- **Data listing**
%%
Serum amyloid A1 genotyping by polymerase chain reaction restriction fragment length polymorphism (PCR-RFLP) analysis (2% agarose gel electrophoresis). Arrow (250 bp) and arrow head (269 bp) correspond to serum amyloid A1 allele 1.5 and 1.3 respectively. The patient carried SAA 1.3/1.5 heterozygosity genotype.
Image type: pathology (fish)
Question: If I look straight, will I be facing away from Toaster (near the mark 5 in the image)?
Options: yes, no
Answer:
%%
%%
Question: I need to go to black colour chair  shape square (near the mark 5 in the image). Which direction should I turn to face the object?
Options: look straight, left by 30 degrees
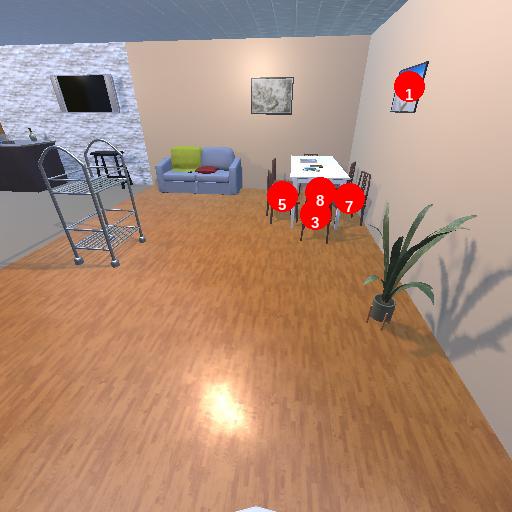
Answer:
%%
- **Your task**
Check each line of the listing above for the string "straight" and return those that contain it.

- **Your response**
Question: If I look straight, will I be facing away from Toaster (near the mark 5 in the image)?
Options: look straight, left by 30 degrees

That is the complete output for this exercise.